## [Data to examine]
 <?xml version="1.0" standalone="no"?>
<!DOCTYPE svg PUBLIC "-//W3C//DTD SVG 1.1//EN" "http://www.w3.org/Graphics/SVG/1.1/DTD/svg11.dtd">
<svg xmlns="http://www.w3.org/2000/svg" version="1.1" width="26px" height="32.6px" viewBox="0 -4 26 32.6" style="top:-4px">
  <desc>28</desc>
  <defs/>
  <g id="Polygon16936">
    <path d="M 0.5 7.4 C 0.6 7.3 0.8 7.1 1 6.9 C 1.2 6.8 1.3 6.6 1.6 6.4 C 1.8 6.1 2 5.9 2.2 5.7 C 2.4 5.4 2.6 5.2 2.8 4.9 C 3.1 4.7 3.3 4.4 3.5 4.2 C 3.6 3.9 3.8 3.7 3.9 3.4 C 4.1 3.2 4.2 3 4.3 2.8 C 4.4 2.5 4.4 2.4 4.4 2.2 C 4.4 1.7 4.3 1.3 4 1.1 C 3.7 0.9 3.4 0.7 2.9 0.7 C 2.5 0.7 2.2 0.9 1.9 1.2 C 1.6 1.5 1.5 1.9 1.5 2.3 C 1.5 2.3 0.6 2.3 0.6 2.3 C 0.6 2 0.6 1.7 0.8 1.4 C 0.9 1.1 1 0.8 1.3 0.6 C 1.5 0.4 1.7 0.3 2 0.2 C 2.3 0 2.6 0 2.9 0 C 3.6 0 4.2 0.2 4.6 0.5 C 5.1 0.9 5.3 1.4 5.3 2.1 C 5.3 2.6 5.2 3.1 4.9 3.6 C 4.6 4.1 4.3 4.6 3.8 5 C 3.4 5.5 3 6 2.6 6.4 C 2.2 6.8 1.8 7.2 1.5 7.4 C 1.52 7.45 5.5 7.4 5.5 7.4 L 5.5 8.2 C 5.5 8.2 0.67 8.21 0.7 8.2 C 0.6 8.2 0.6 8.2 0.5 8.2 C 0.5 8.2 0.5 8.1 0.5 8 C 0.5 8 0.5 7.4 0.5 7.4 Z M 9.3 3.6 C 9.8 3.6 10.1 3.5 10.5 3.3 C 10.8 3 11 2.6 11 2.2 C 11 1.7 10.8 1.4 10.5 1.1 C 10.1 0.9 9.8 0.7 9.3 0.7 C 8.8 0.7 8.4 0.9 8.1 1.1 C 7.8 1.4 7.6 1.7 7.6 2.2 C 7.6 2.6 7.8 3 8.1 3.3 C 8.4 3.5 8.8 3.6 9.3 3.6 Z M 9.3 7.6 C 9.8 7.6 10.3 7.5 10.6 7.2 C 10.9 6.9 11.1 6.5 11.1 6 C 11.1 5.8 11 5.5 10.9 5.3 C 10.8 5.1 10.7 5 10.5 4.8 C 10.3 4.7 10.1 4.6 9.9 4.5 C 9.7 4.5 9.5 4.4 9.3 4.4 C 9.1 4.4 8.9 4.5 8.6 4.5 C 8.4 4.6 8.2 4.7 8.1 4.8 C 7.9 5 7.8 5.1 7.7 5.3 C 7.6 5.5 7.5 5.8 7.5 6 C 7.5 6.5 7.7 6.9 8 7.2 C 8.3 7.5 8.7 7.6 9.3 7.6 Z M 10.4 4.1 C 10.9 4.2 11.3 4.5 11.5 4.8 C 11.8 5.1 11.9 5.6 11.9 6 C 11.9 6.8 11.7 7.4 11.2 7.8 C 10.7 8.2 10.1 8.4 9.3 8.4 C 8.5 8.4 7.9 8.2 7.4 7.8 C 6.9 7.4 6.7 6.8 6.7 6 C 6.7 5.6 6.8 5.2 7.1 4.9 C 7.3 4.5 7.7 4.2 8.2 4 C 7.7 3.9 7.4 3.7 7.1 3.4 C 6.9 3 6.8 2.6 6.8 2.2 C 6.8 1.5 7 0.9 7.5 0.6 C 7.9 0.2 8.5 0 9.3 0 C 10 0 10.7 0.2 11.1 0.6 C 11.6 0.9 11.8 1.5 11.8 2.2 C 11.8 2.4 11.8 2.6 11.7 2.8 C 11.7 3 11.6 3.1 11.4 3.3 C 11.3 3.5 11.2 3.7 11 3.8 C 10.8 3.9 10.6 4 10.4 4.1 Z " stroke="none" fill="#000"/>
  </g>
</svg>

## [What you have to do]
What you write must match the records above line for line.

## [Task result]
 <?xml version="1.0" standalone="no"?>
<!DOCTYPE svg PUBLIC "-//W3C//DTD SVG 1.1//EN" "http://www.w3.org/Graphics/SVG/1.1/DTD/svg11.dtd">
<svg xmlns="http://www.w3.org/2000/svg" version="1.1" width="26px" height="32.6px" viewBox="0 -4 26 32.6" style="top:-4px">
  <desc>28</desc>
  <defs/>
  <g id="Polygon16936">
    <path d="M 0.5 7.4 C 0.6 7.3 0.8 7.1 1 6.9 C 1.2 6.8 1.3 6.6 1.6 6.4 C 1.8 6.1 2 5.9 2.2 5.7 C 2.4 5.4 2.6 5.2 2.8 4.9 C 3.1 4.7 3.3 4.4 3.5 4.2 C 3.6 3.9 3.8 3.7 3.9 3.4 C 4.1 3.2 4.2 3 4.3 2.8 C 4.4 2.5 4.4 2.4 4.4 2.2 C 4.4 1.7 4.3 1.3 4 1.1 C 3.7 0.9 3.4 0.7 2.9 0.7 C 2.5 0.7 2.2 0.9 1.9 1.2 C 1.6 1.5 1.5 1.9 1.5 2.3 C 1.5 2.3 0.6 2.3 0.6 2.3 C 0.6 2 0.6 1.7 0.8 1.4 C 0.9 1.1 1 0.8 1.3 0.6 C 1.5 0.4 1.7 0.3 2 0.2 C 2.3 0 2.6 0 2.9 0 C 3.6 0 4.2 0.2 4.6 0.5 C 5.1 0.9 5.3 1.4 5.3 2.1 C 5.3 2.6 5.2 3.1 4.9 3.6 C 4.6 4.1 4.3 4.6 3.8 5 C 3.4 5.5 3 6 2.6 6.4 C 2.2 6.8 1.8 7.2 1.5 7.4 C 1.52 7.45 5.5 7.4 5.5 7.4 L 5.5 8.2 C 5.5 8.2 0.67 8.21 0.7 8.2 C 0.6 8.2 0.6 8.2 0.5 8.2 C 0.5 8.2 0.5 8.1 0.5 8 C 0.5 8 0.5 7.4 0.5 7.4 Z M 9.3 3.6 C 9.8 3.6 10.1 3.5 10.5 3.3 C 10.8 3 11 2.6 11 2.2 C 11 1.7 10.8 1.4 10.5 1.1 C 10.1 0.9 9.8 0.7 9.3 0.7 C 8.8 0.7 8.4 0.9 8.1 1.1 C 7.8 1.4 7.6 1.7 7.6 2.2 C 7.6 2.6 7.8 3 8.1 3.3 C 8.4 3.5 8.8 3.6 9.3 3.6 Z M 9.3 7.6 C 9.8 7.6 10.3 7.5 10.6 7.2 C 10.9 6.9 11.1 6.5 11.1 6 C 11.1 5.8 11 5.5 10.9 5.3 C 10.8 5.1 10.7 5 10.5 4.8 C 10.3 4.7 10.1 4.6 9.9 4.5 C 9.7 4.5 9.5 4.4 9.3 4.4 C 9.1 4.4 8.9 4.5 8.6 4.5 C 8.4 4.6 8.2 4.7 8.1 4.8 C 7.9 5 7.8 5.1 7.7 5.3 C 7.6 5.5 7.5 5.8 7.5 6 C 7.5 6.5 7.7 6.9 8 7.2 C 8.3 7.5 8.7 7.6 9.3 7.6 Z M 10.4 4.1 C 10.9 4.2 11.3 4.5 11.5 4.8 C 11.8 5.1 11.9 5.6 11.9 6 C 11.9 6.8 11.7 7.4 11.2 7.8 C 10.7 8.2 10.1 8.4 9.3 8.4 C 8.5 8.4 7.9 8.2 7.4 7.8 C 6.9 7.4 6.7 6.8 6.7 6 C 6.7 5.6 6.8 5.2 7.1 4.9 C 7.3 4.5 7.7 4.2 8.2 4 C 7.7 3.9 7.4 3.7 7.1 3.4 C 6.9 3 6.8 2.6 6.8 2.2 C 6.8 1.5 7 0.9 7.5 0.6 C 7.9 0.2 8.5 0 9.3 0 C 10 0 10.7 0.2 11.1 0.6 C 11.6 0.9 11.8 1.5 11.8 2.2 C 11.8 2.4 11.8 2.6 11.7 2.8 C 11.7 3 11.6 3.1 11.4 3.3 C 11.3 3.5 11.2 3.7 11 3.8 C 10.8 3.9 10.6 4 10.4 4.1 Z " stroke="none" fill="#000"/>
  </g>
</svg>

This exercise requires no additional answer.